__EXERCISE REQUIREMENTS__. For each line below that contains the string "shows", copy that line.

__DATA SECTION__.

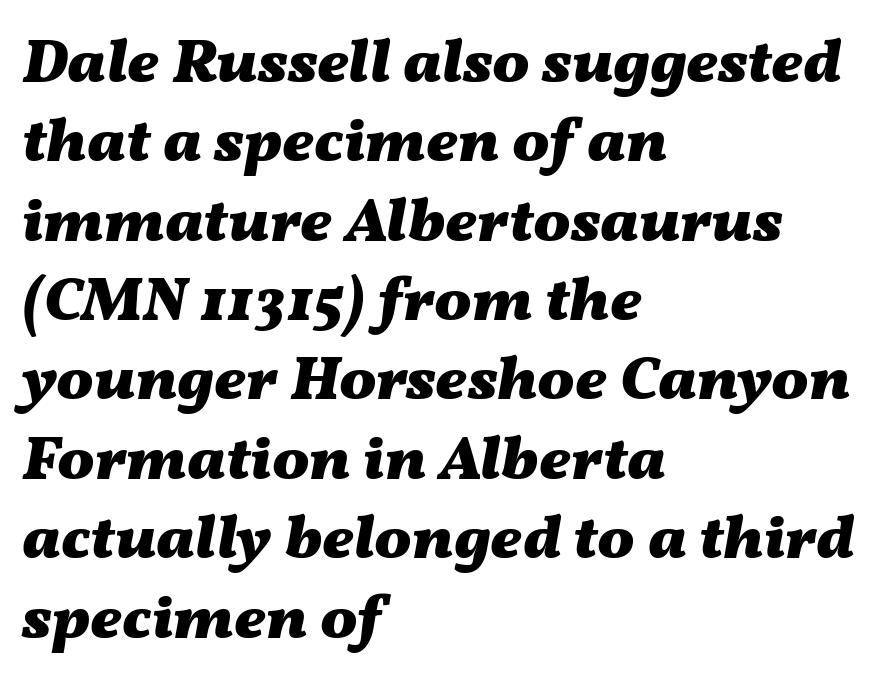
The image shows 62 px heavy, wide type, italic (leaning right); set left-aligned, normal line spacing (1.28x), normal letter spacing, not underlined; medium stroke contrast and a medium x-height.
* * *
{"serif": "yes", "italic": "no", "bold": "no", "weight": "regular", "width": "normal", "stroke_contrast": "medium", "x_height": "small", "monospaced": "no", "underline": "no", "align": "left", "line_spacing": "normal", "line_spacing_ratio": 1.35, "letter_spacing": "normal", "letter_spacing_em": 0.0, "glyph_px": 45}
==
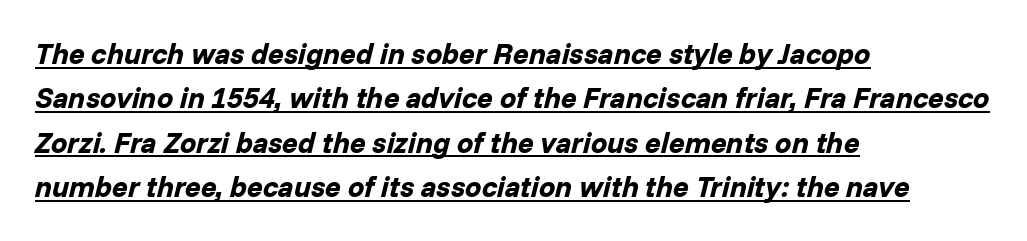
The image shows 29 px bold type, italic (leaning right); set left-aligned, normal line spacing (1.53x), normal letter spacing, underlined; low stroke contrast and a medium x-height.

__EXPECTED ANSWER__.
The image shows 62 px heavy, wide type, italic (leaning right); set left-aligned, normal line spacing (1.28x), normal letter spacing, not underlined; medium stroke contrast and a medium x-height.
The image shows 29 px bold type, italic (leaning right); set left-aligned, normal line spacing (1.53x), normal letter spacing, underlined; low stroke contrast and a medium x-height.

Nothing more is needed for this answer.